Jason ran as fast as he could from where he had been standing. A growing sense of unease filled him, especially after the bombing that had just struck the place they were staying. He couldn’t help but feel confused—why did something bad always seem to happen wherever they went?
When he reached the front of the apartment they were temporarily renting, chaos had already erupted. People were panicking, running in different directions, their voices filled with fear.
As Jason scanned the area, he suddenly noticed a man sprinting away in haste. The movement caught his attention—it felt suspicious. For a moment, he wanted to chase after him, but he stopped himself. That wasn’t his priority right now.
Jane was.
Just then, the landlord rushed toward him, clearly shaken.
“Go inside your room! There might be another bomb coming!”
Without asking further questions, Jason took the key and immediately headed down to the underground level.
When he reached their door, he knocked quickly.
“Who’s there?” Jane called out from inside, her voice trembling.
“It’s me… Jason.”
The door swung open at once. Jane’s hands were shaking, and fear was written all over her face.
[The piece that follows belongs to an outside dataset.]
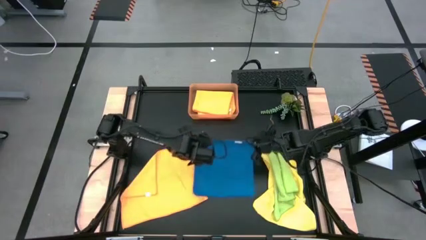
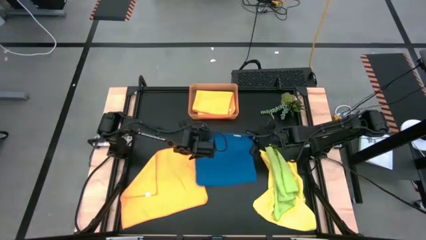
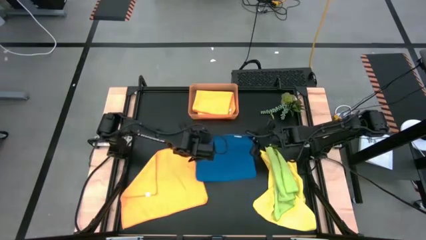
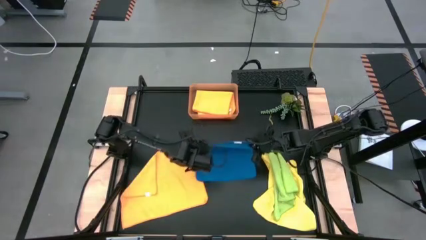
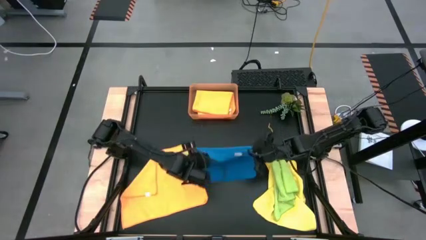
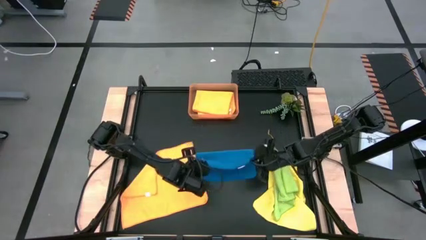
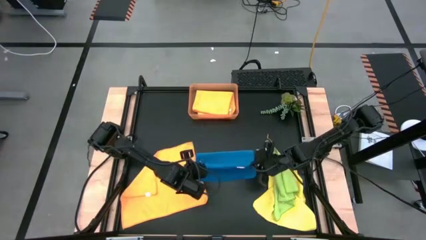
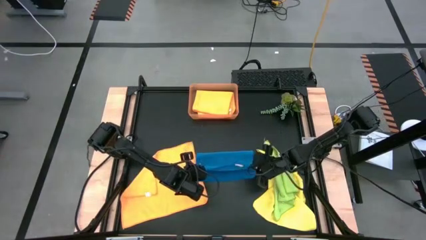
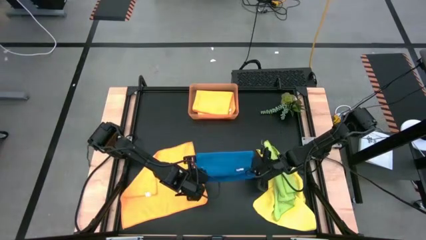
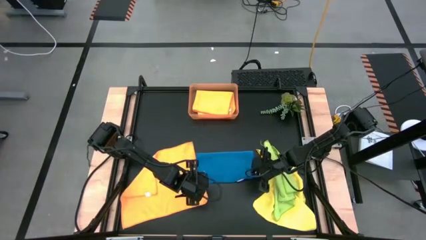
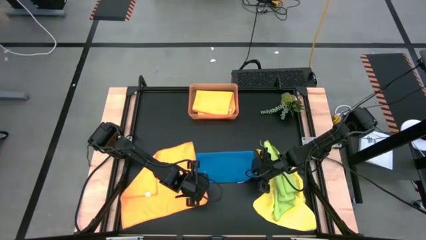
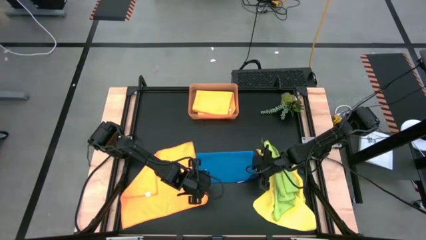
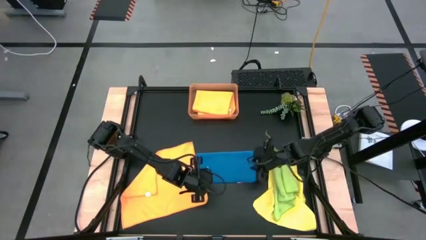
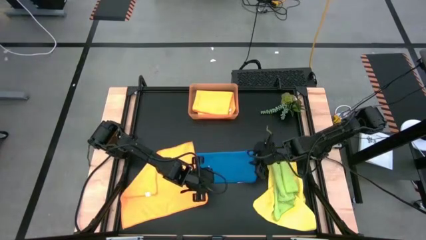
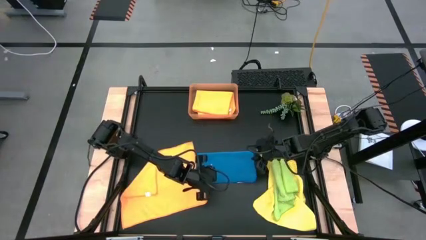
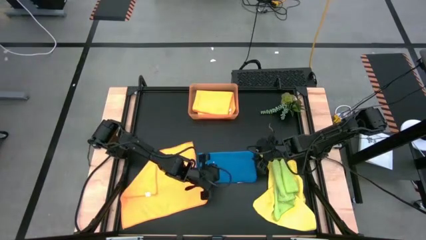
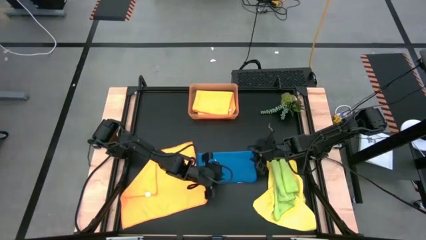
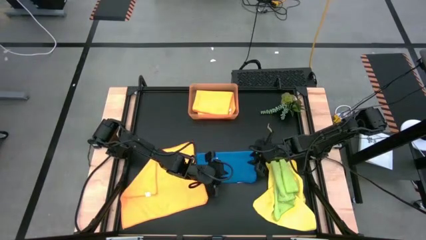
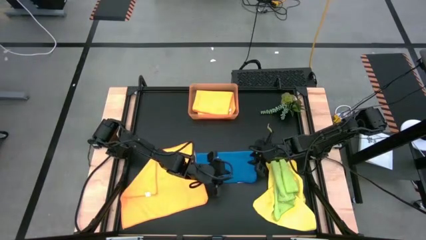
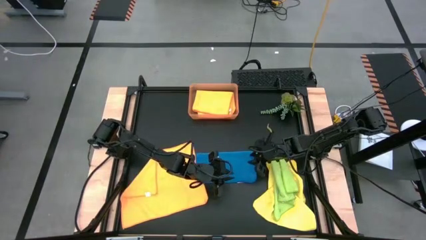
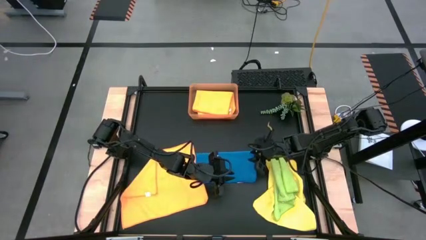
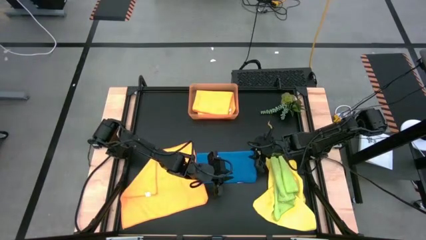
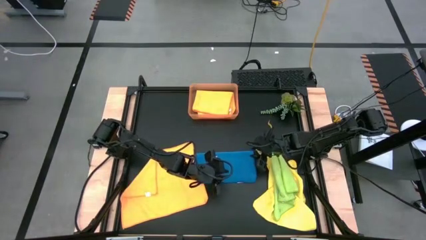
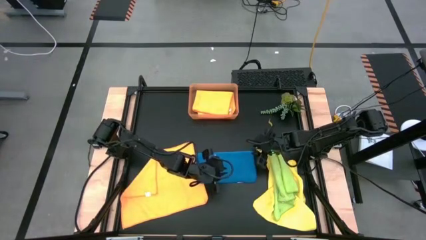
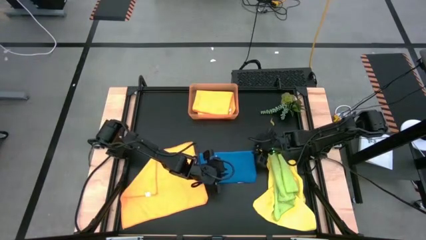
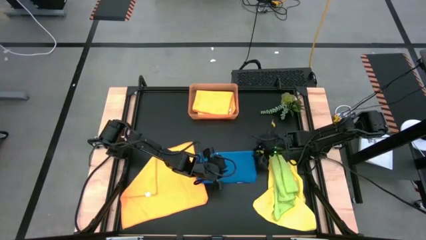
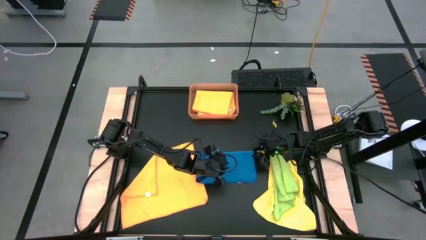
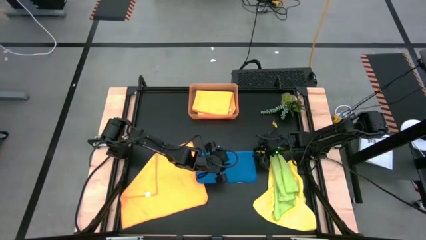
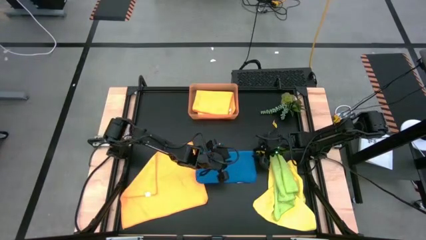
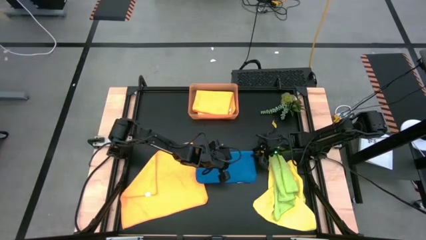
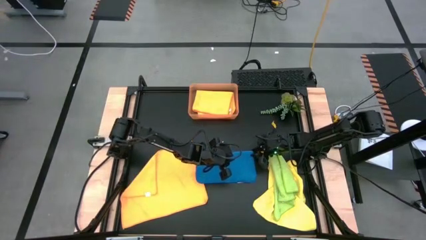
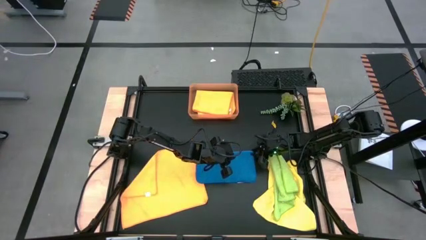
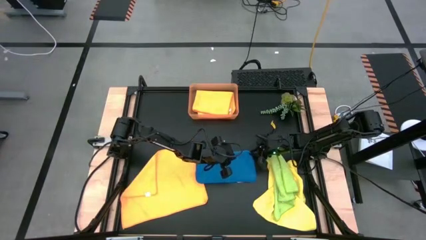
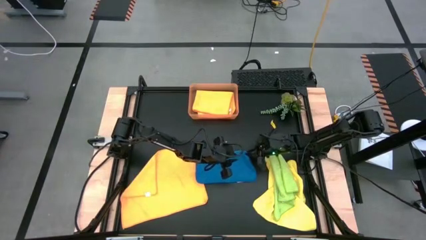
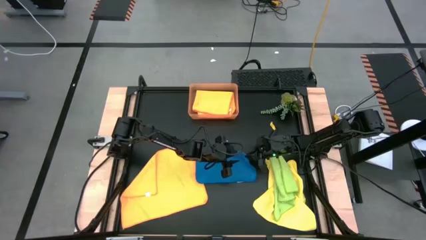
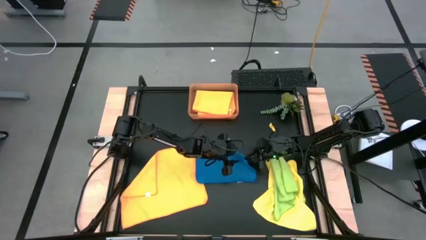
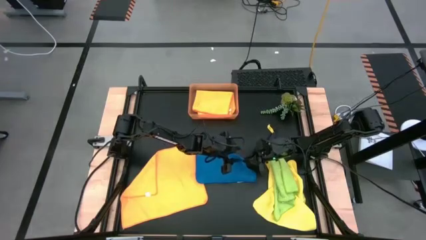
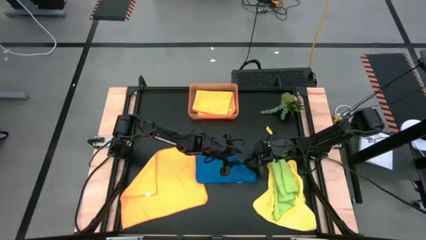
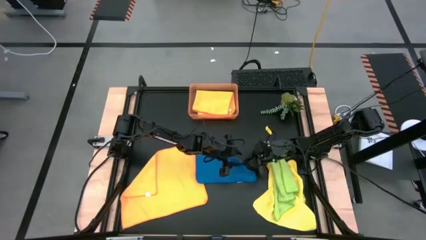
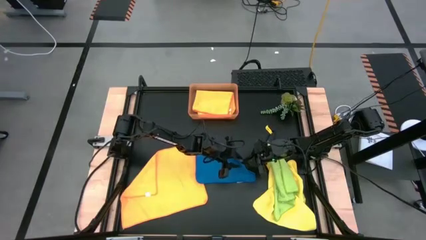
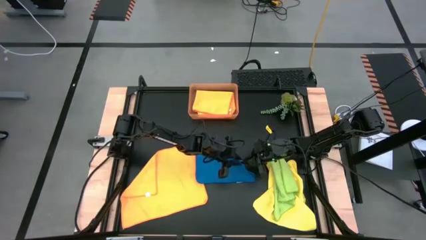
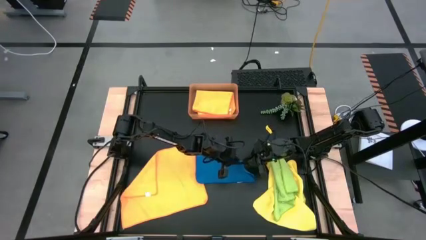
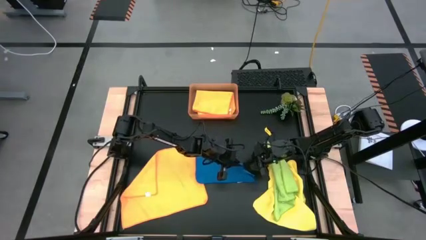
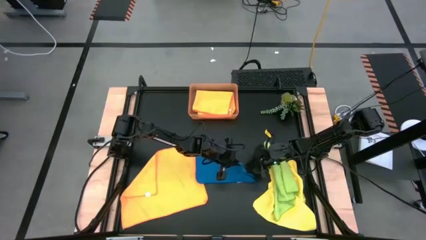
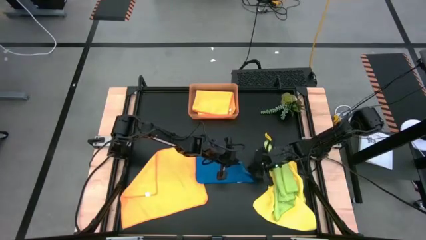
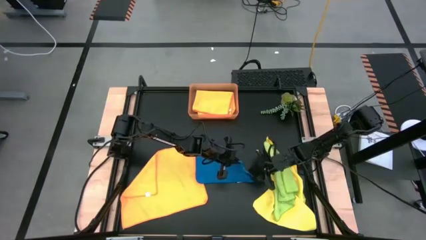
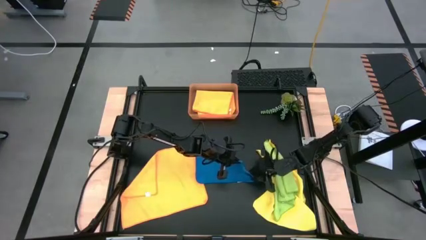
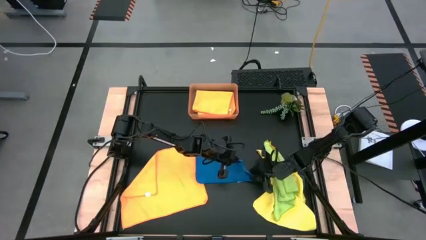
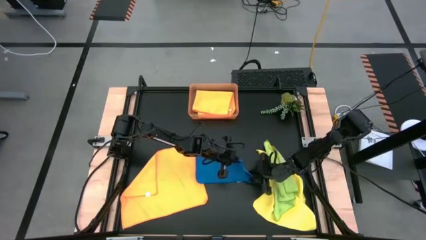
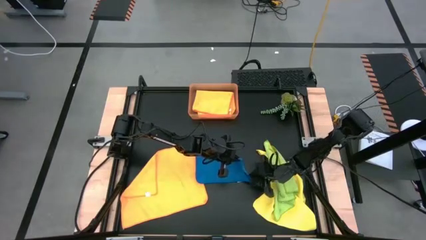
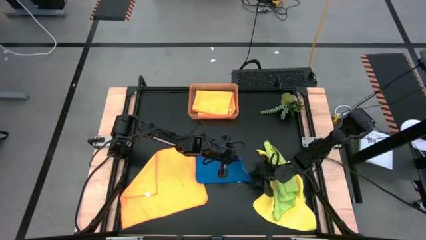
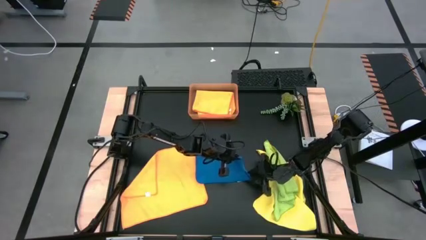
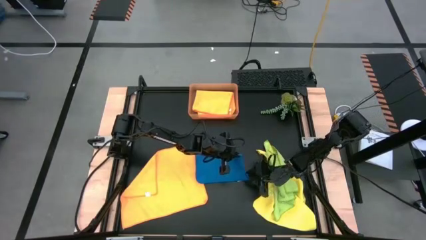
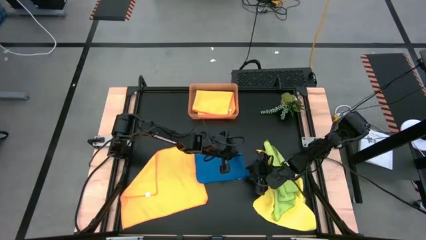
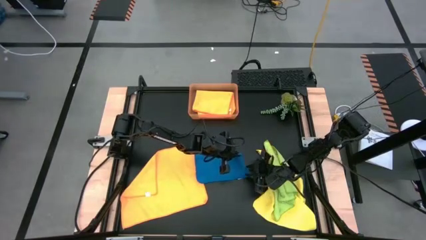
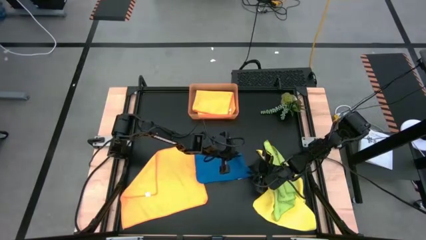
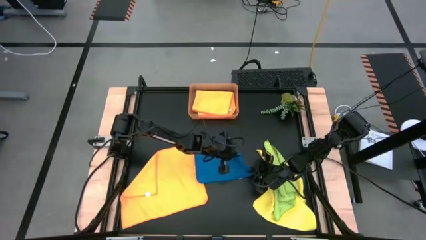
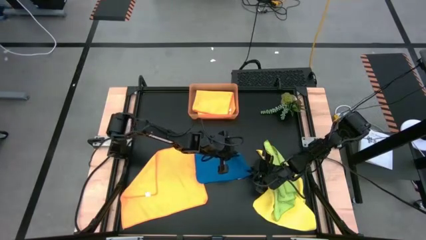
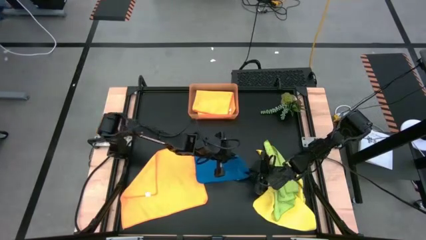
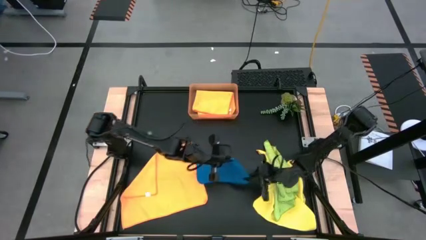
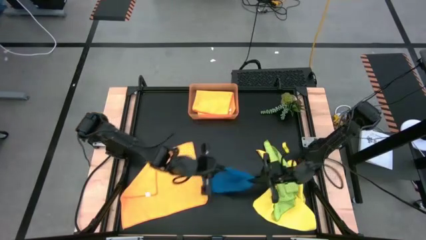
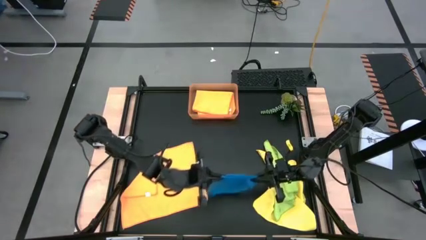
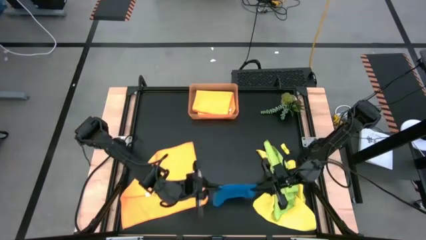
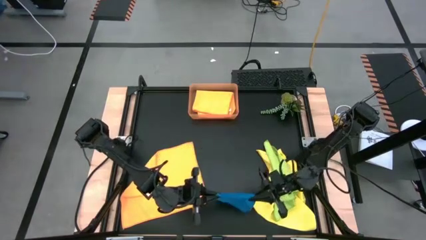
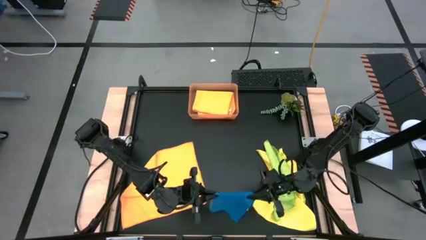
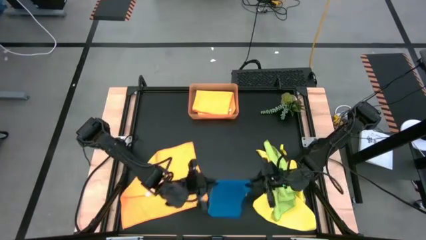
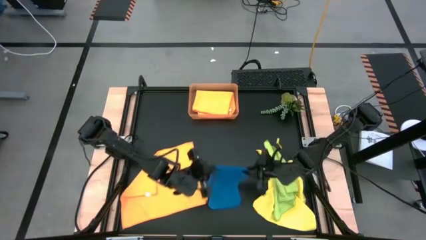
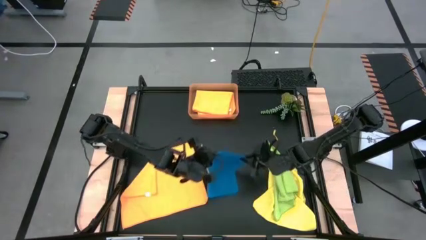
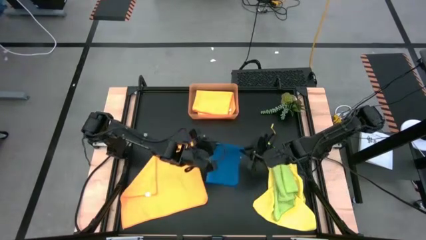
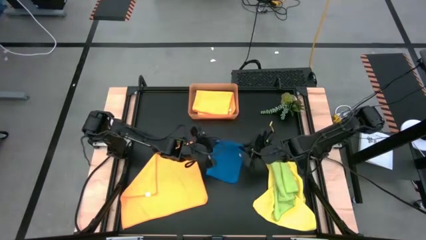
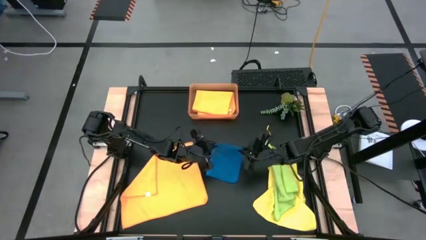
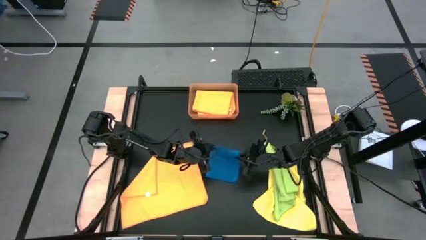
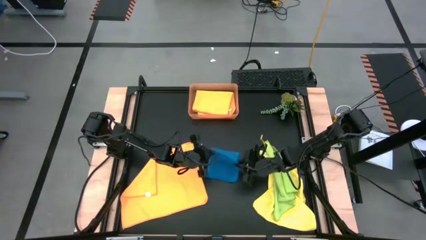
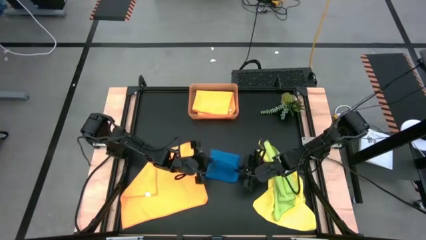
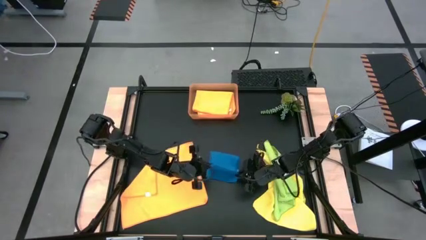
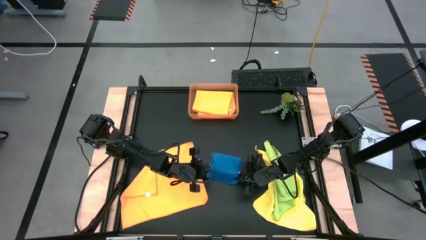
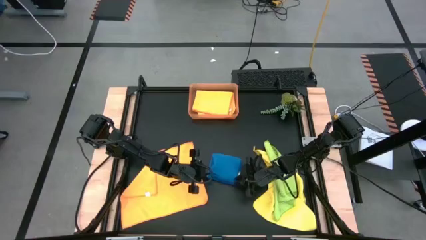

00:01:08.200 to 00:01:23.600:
Task: Fold microfiber towels
Fold the blue towel

“Jason… the apartment was bombed again,” she said, her voice breaking.
Jason remained silent for a moment, deep in thought. Something weighed heavily on his mind.
Then he looked straight at her and asked,
“Can you manage on your own?”
Jane was taken aback.
“I want you to be safe… somewhere far from all of this,” he continued. “I don’t want you to keep staying with me. It’s dangerous. If you remain by my side, your life will always be at risk.”
Jason stood frozen for a moment, the echoes of distant chaos still ringing faintly in his ears. The muffled cries from above, the hurried footsteps, the lingering threat of another explosion—it all pressed heavily against the silence that now filled the small underground room.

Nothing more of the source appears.